Menu

AZAPP Blog Your resource for news and analysis of cases in Arizona's appellate courts.

AZAPP Blog header image

Kadlec v. Dorsey - 7/2/2010

Arizona Supreme Court Holds That the Mere Creation of a Roadway Easement Does Not Raise a Presumption That the Road Has Been Dedicated for Public Use.


Richard Turigliatto owned a parcel of land north of Tucson, which he split into three lots.  A dirt roadway ran across the lots, connecting the public roads on either side.  Turigliatto sold two of the lots, each time retaining an easement across them.  When he sold the third lot, he retained an ownership interest in the road.  The Dorseys eventually purchased one of the two lots subject to the easement.  The Kadlecs and the Howells (“Plaintiffs”) owned nearby property and had used the road.  They filed suit after the Dorseys blocked their access to the road, claiming that they had a prescriptive easement and the right to reasonable use of the roadway across the Dorseys’ property.

On cross-motions for summary judgment, the trial court ruled in favor of the Plaintiffs, but not on the grounds they had asserted.  Instead, the trial court said that Turigliatto’s original deed of the property effected a public dedication of the road because a roadway, “by its very nature invites public use unless the dedicator’s intent was otherwise.”

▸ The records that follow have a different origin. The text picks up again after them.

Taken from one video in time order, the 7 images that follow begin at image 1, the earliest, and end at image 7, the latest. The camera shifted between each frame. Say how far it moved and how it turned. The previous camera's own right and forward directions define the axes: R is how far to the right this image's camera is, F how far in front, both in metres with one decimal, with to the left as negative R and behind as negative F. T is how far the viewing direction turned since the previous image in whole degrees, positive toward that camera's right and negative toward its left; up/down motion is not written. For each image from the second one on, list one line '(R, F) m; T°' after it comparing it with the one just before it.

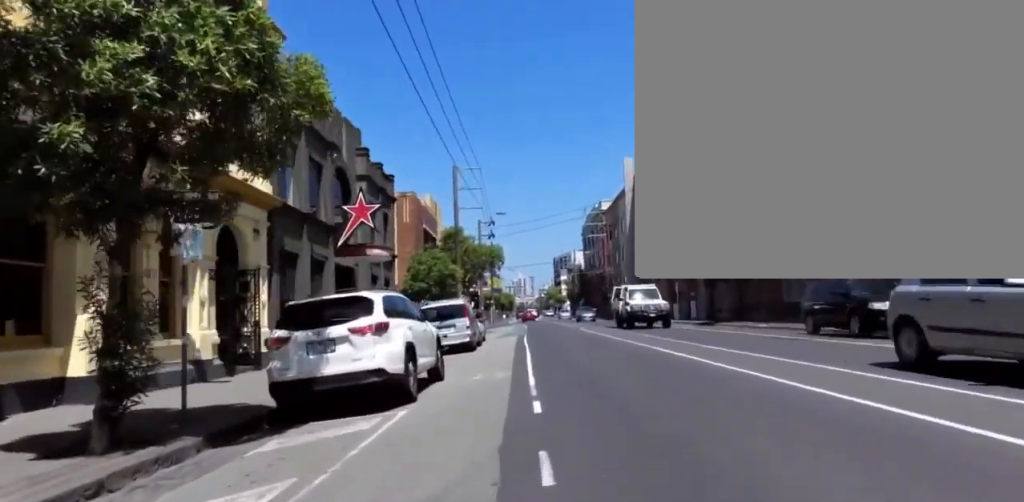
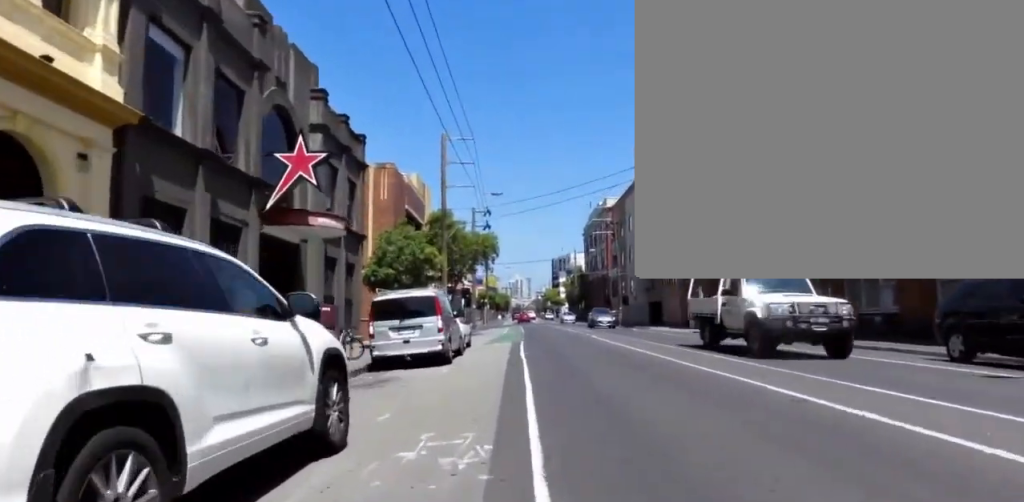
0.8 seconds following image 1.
(-0.4, +6.5) m; 0°
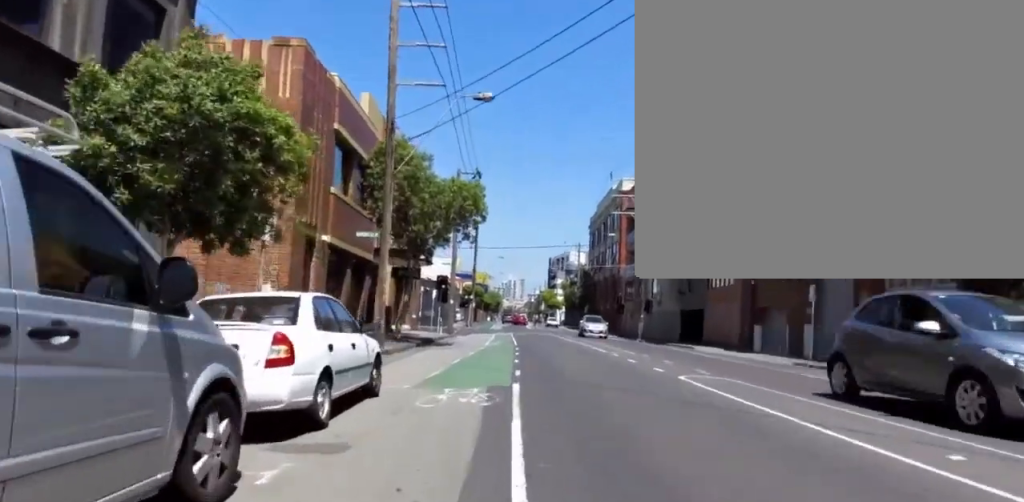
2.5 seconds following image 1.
(-0.1, +14.5) m; -1°
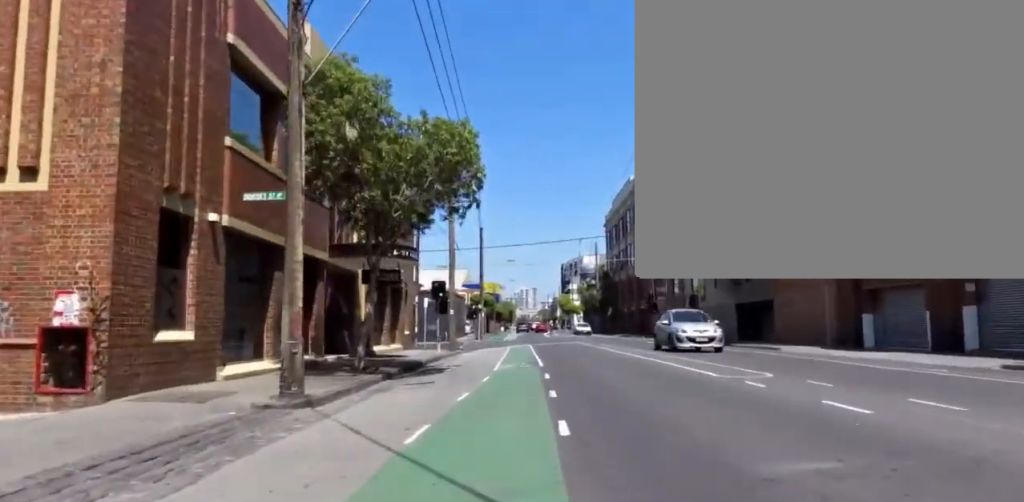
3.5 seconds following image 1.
(+1.0, +9.4) m; -1°
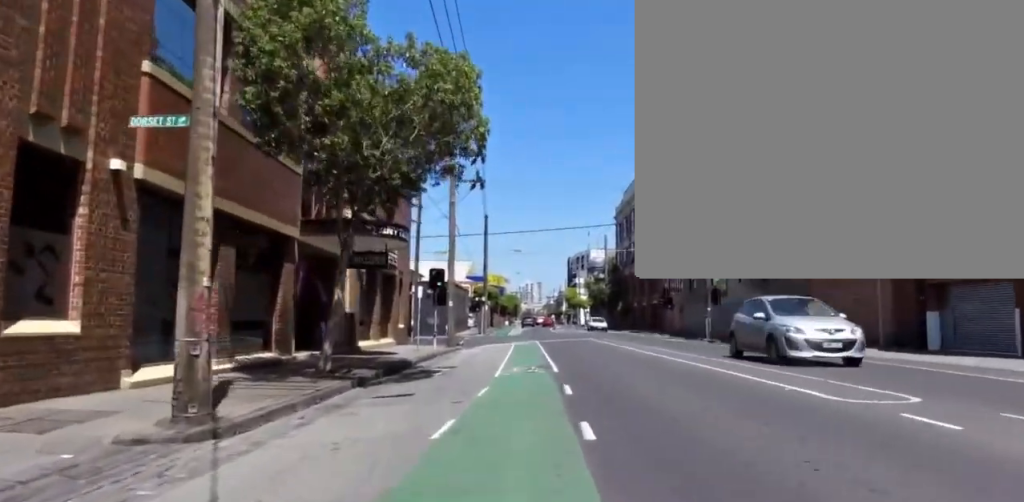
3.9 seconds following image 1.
(-0.4, +3.6) m; 0°
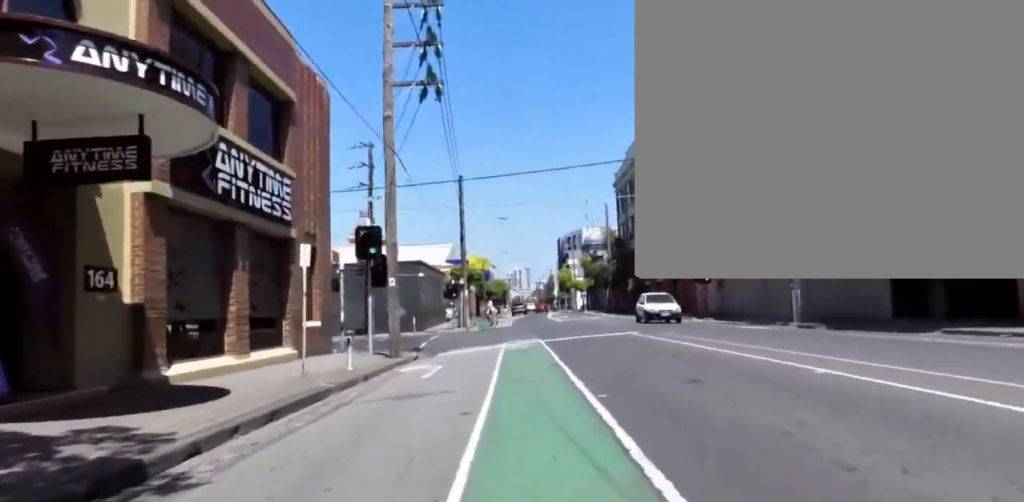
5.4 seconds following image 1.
(+0.2, +13.3) m; 0°
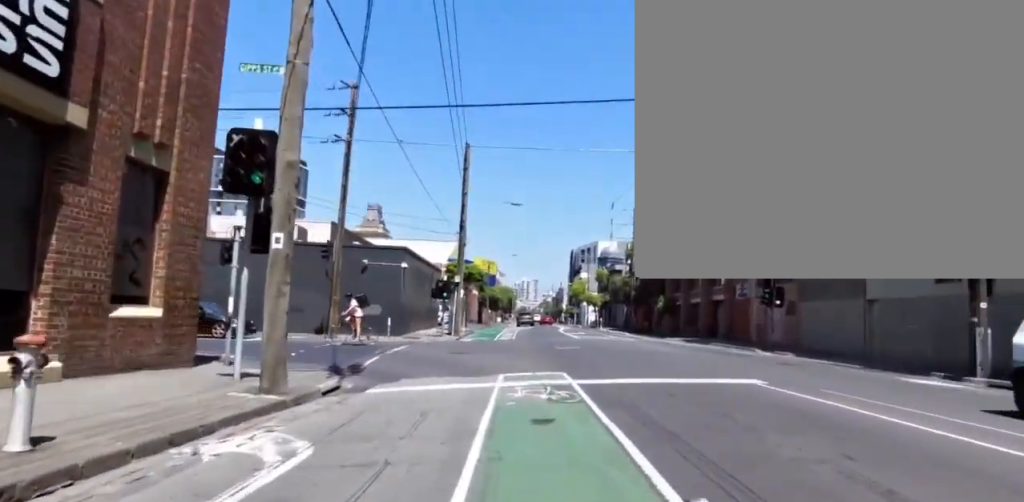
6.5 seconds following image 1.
(-0.8, +9.9) m; -6°
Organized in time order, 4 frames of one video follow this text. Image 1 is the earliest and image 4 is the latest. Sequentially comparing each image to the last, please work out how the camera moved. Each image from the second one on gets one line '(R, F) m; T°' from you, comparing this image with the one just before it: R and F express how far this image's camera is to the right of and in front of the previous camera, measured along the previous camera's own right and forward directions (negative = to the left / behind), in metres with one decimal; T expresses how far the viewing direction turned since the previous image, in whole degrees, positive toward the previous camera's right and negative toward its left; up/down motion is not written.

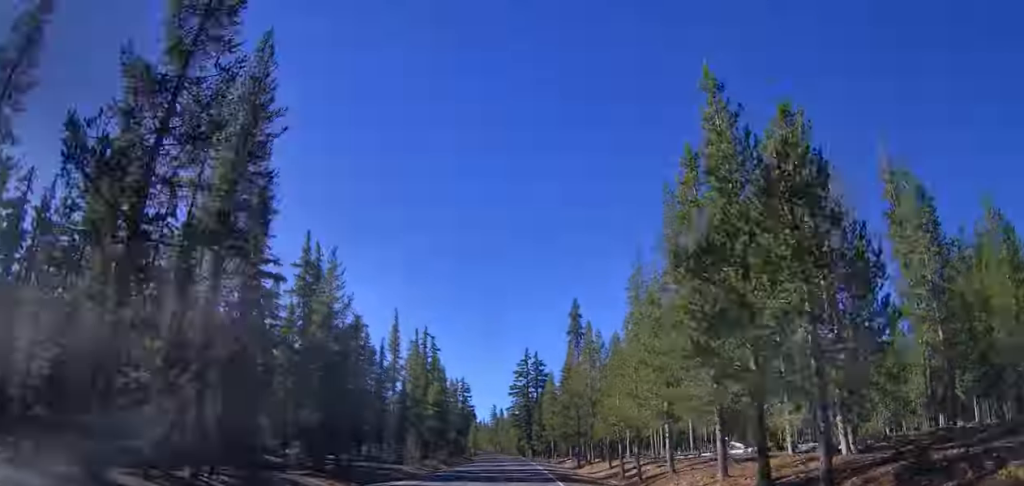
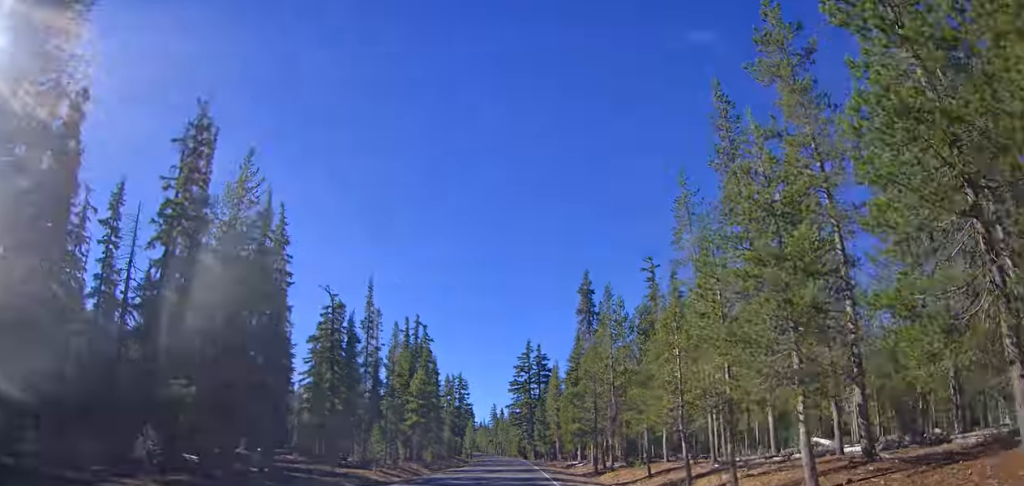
(+0.4, +12.5) m; 0°
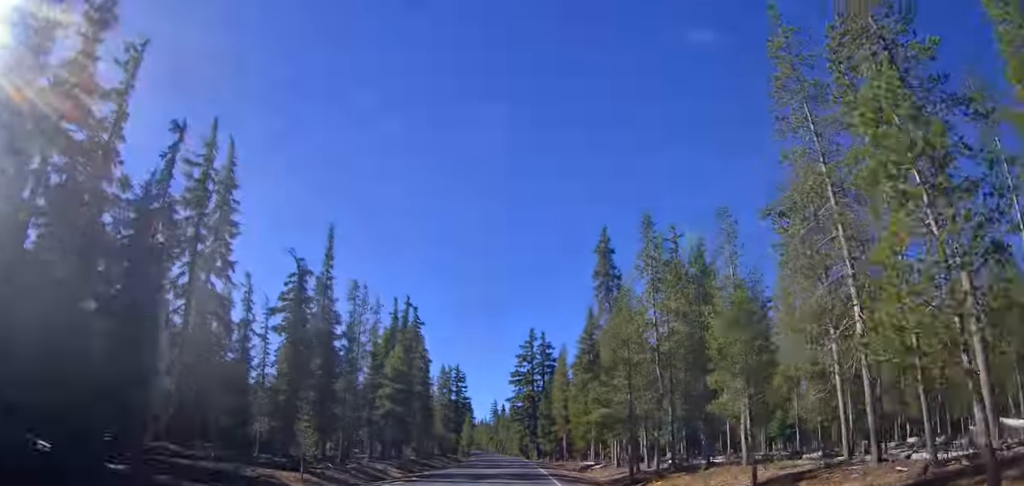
(0.0, +13.2) m; 0°
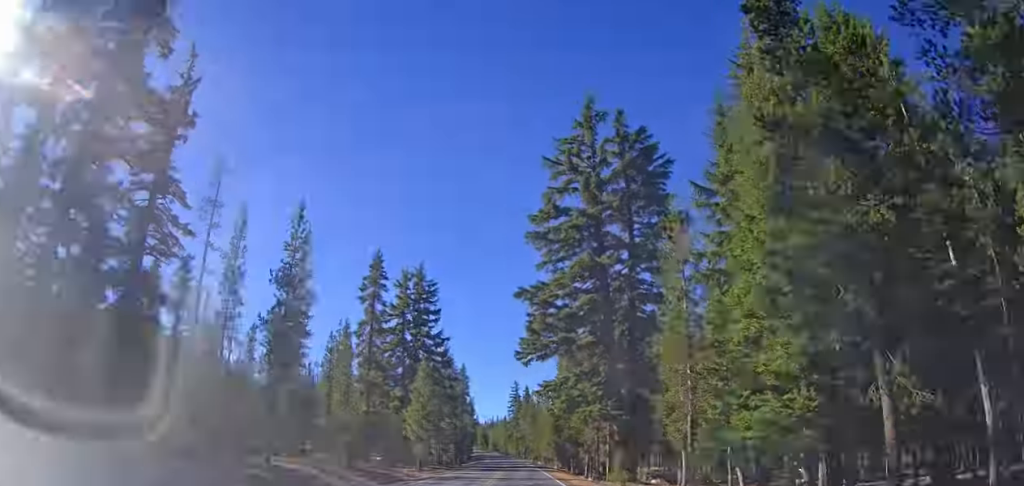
(-1.4, +85.5) m; -3°
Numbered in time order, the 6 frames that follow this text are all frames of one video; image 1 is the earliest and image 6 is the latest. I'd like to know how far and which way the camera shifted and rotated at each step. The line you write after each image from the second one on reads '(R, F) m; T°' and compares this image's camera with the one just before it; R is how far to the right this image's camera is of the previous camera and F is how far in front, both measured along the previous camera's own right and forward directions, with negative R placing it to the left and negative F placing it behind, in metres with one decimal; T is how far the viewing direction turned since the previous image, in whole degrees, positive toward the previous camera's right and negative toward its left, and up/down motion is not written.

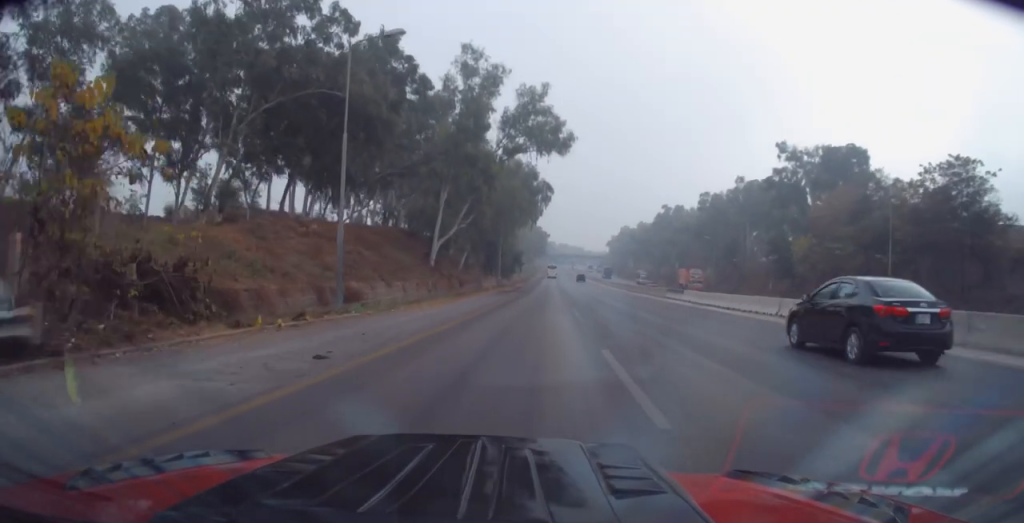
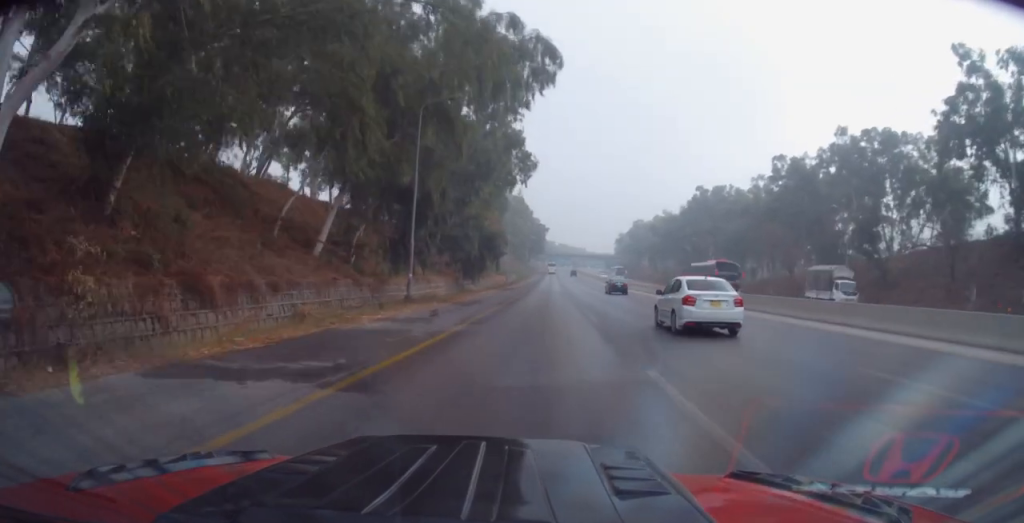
(+2.5, +50.6) m; +1°
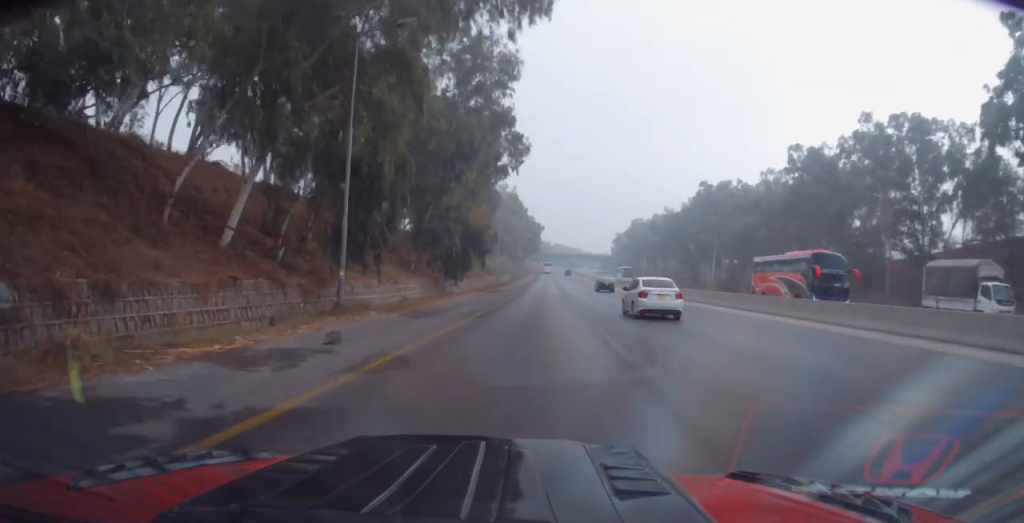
(0.0, +8.9) m; +1°
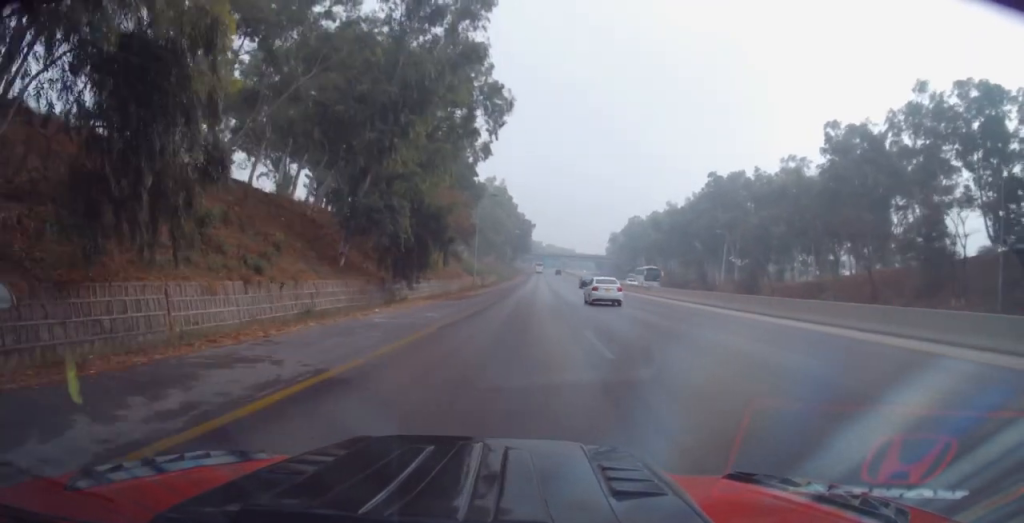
(+0.2, +15.7) m; +1°
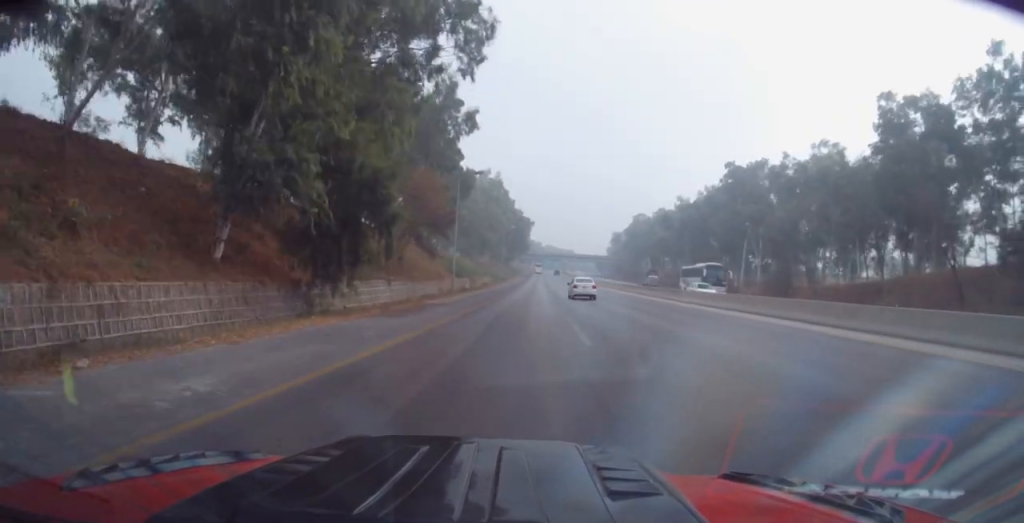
(+0.2, +14.2) m; 0°
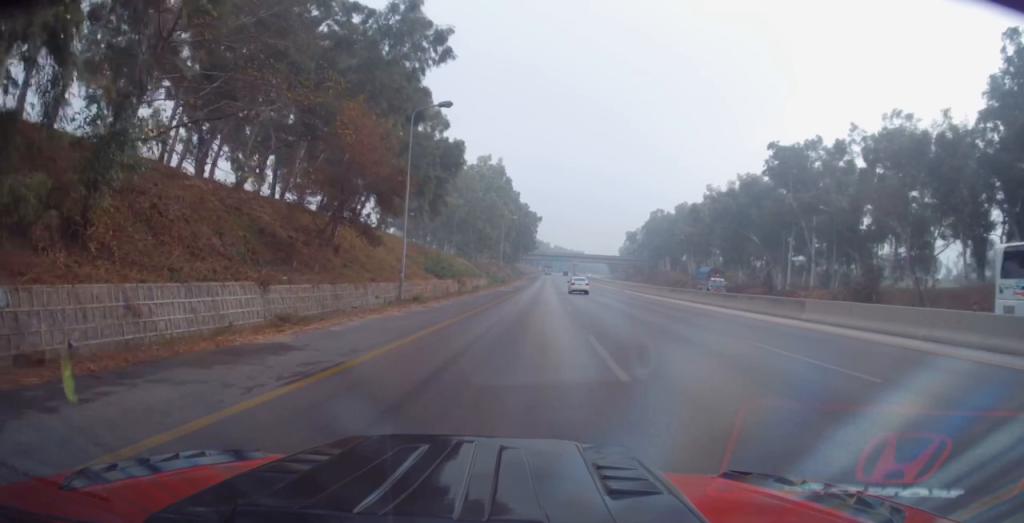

Division Two of the Court of Appeals affirmed in a divided opinion.  According to the majority, although a public dedication is ordinarily not presumed, dedication is presumed when an easement is a road. 

Judge Brammer dissented, pointing to a long line of Arizona cases running contrary to the majority’s opinion.

The Supreme Court reversed the trial court and the Court of Appeals.  First, the Court noted that a public dedication requires both the owner’s offer to dedicate the land and the general public’s acceptance.  And, according to Arizona case law, dedication cannot be presumed and the presumption of intent to dedicate arises only if that intent is “clearly shown by the owner’s acts and declarations.”  The Court of Appeals was incorrect that that presumption changes merely because an easement is a road.

The Court also noted that, under the Restatement (Third) of Property:  Servitudes § 2.5, the burden of proof is on the party asserting public dedication, and that party must come forward with affirmative evidence.  In this case, the Plaintiffs did not identify any facts allowing the inference that Turigliatto had intended a public dedication.  The Court therefore reversed the summary judgment in favor of the Plaintiffs and remanded, noting that its opinion did not resolve the Plaintiffs’ claim that they had a prescriptive easement over the Dorseys’ property.

PRACTICE NOTE:  The Dorseys’ requested attorneys’ fees, but because the Plaintiffs’ claim for prescriptive easement rights remained unresolved by the Court’s opinion, it declined to award fees pending further proceedings in the trial court.

Justice Ryan authored the Court’s unanimous opinion.